── Data provided

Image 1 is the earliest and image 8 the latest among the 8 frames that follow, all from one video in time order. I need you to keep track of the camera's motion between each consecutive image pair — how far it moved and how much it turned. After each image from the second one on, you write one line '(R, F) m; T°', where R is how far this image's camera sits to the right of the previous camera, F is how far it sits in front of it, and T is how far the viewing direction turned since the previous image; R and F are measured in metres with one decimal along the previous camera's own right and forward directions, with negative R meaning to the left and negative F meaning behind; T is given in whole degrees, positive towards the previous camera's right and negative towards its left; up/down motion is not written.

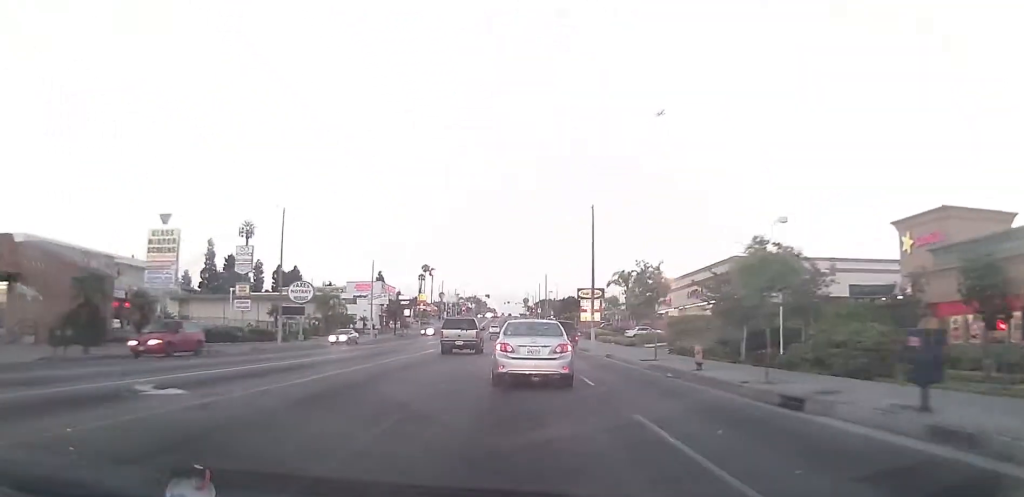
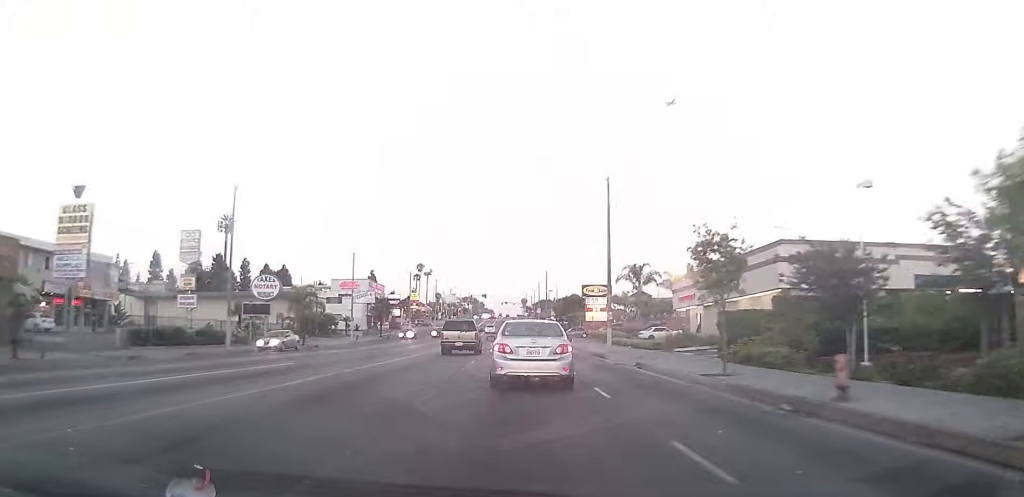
(0.0, +10.0) m; 0°
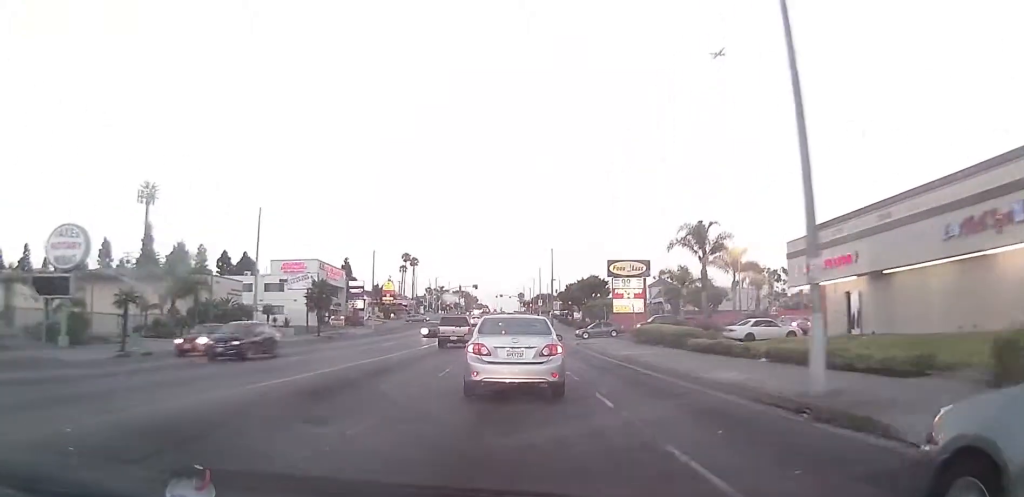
(0.0, +30.4) m; 0°
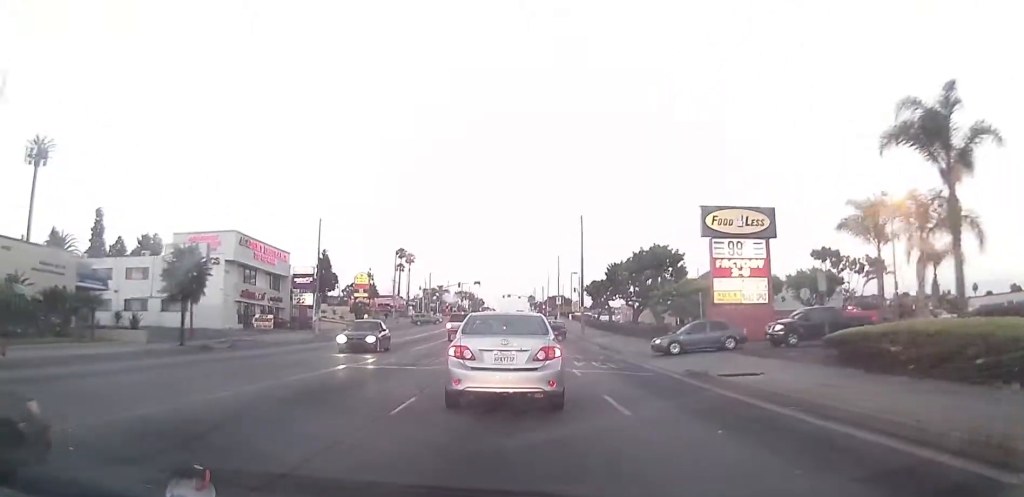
(0.0, +32.7) m; 0°
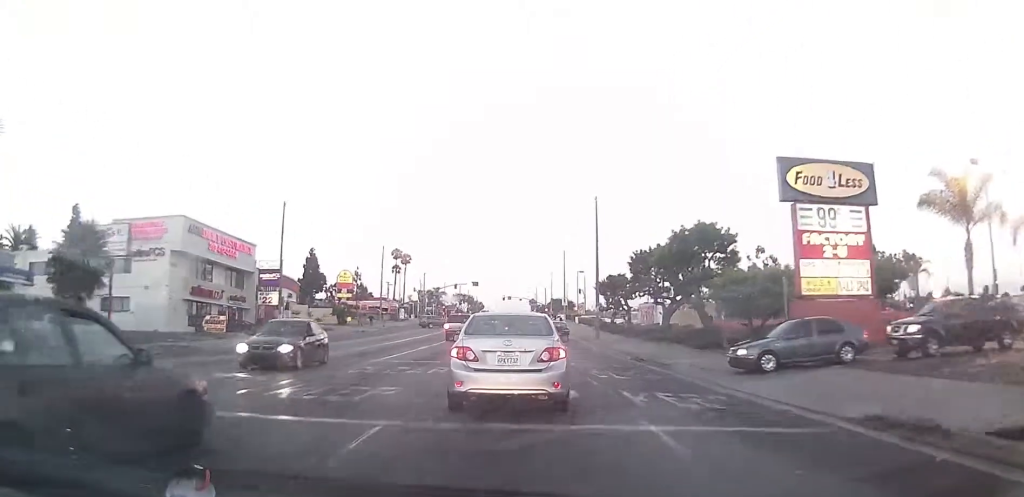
(0.0, +11.6) m; 0°
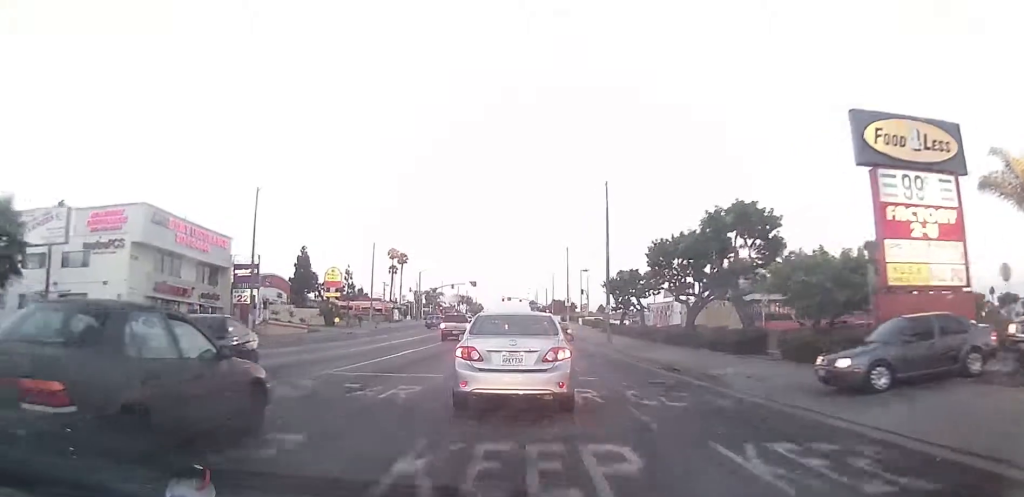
(0.0, +6.4) m; 0°
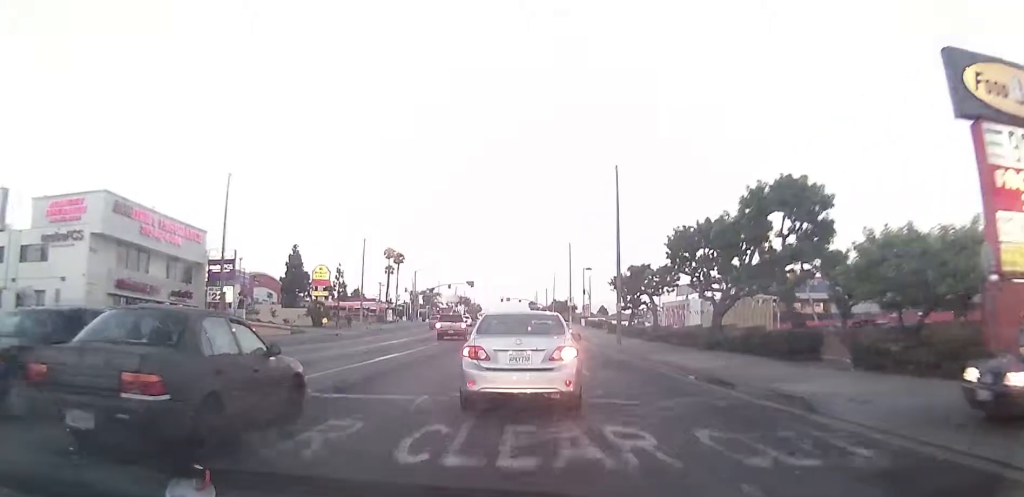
(0.0, +5.5) m; 0°
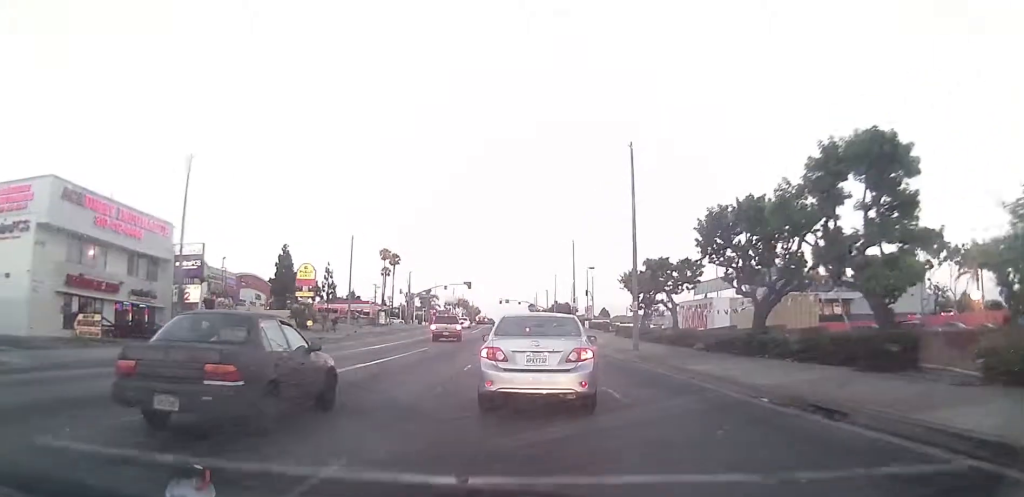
(0.0, +6.1) m; 0°
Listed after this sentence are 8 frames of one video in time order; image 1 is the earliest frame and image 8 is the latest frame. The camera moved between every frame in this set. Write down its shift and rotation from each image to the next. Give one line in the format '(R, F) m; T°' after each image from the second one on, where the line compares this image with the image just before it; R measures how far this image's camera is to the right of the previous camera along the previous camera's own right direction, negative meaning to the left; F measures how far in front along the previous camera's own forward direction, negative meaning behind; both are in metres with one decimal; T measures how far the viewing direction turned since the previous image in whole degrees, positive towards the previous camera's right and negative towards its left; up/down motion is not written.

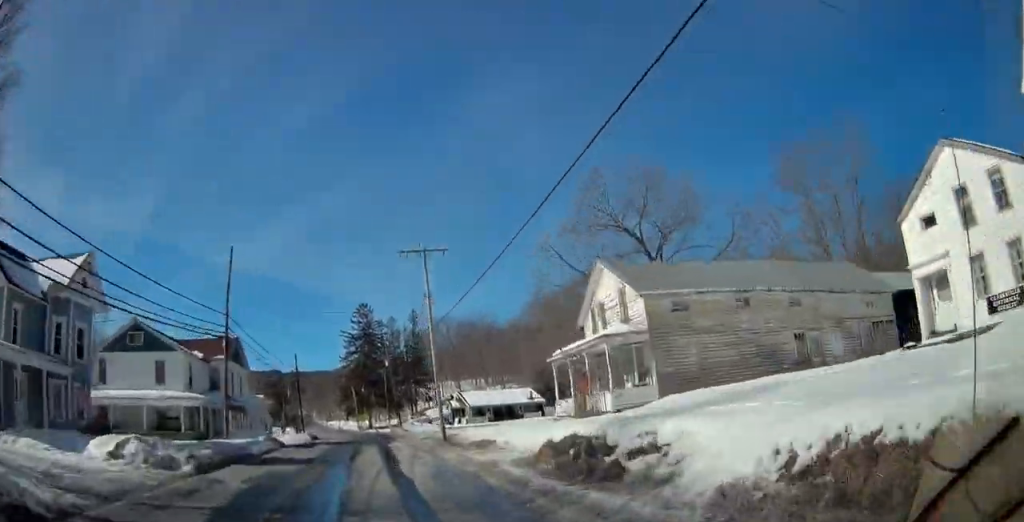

────

**What needs to be done**
Restate, word for word, the entries above, dropping any picture.

**Problem solution**
Image 1 is the earliest and image 8 the latest among the 8 frames that follow, all from one video in time order. I need you to keep track of the camera's motion between each consecutive image pair — how far it moved and how much it turned. After each image from the second one on, you write one line '(R, F) m; T°', where R is how far this image's camera sits to the right of the previous camera, F is how far it sits in front of it, and T is how far the viewing direction turned since the previous image; R and F are measured in metres with one decimal along the previous camera's own right and forward directions, with negative R meaning to the left and negative F meaning behind; T is given in whole degrees, positive towards the previous camera's right and negative towards its left; up/down motion is not written.

(0.0, +10.0) m; 0°
(0.0, +30.4) m; 0°
(0.0, +32.7) m; 0°
(0.0, +11.6) m; 0°
(0.0, +6.4) m; 0°
(0.0, +5.5) m; 0°
(0.0, +6.1) m; 0°
Listed after this sentence are 8 frames of one video in time order; image 1 is the earliest frame and image 8 is the latest frame. The camera moved between every frame in this set. Write down its shift and rotation from each image to the next. Give one line in the format '(R, F) m; T°' after each image from the second one on, where the line compares this image with the image just before it; R measures how far this image's camera is to the right of the previous camera along the previous camera's own right direction, negative meaning to the left; F measures how far in front along the previous camera's own forward direction, negative meaning behind; both are in metres with one decimal; T measures how far the viewing direction turned since the previous image in whole degrees, positive towards the previous camera's right and negative towards its left; up/down motion is not written.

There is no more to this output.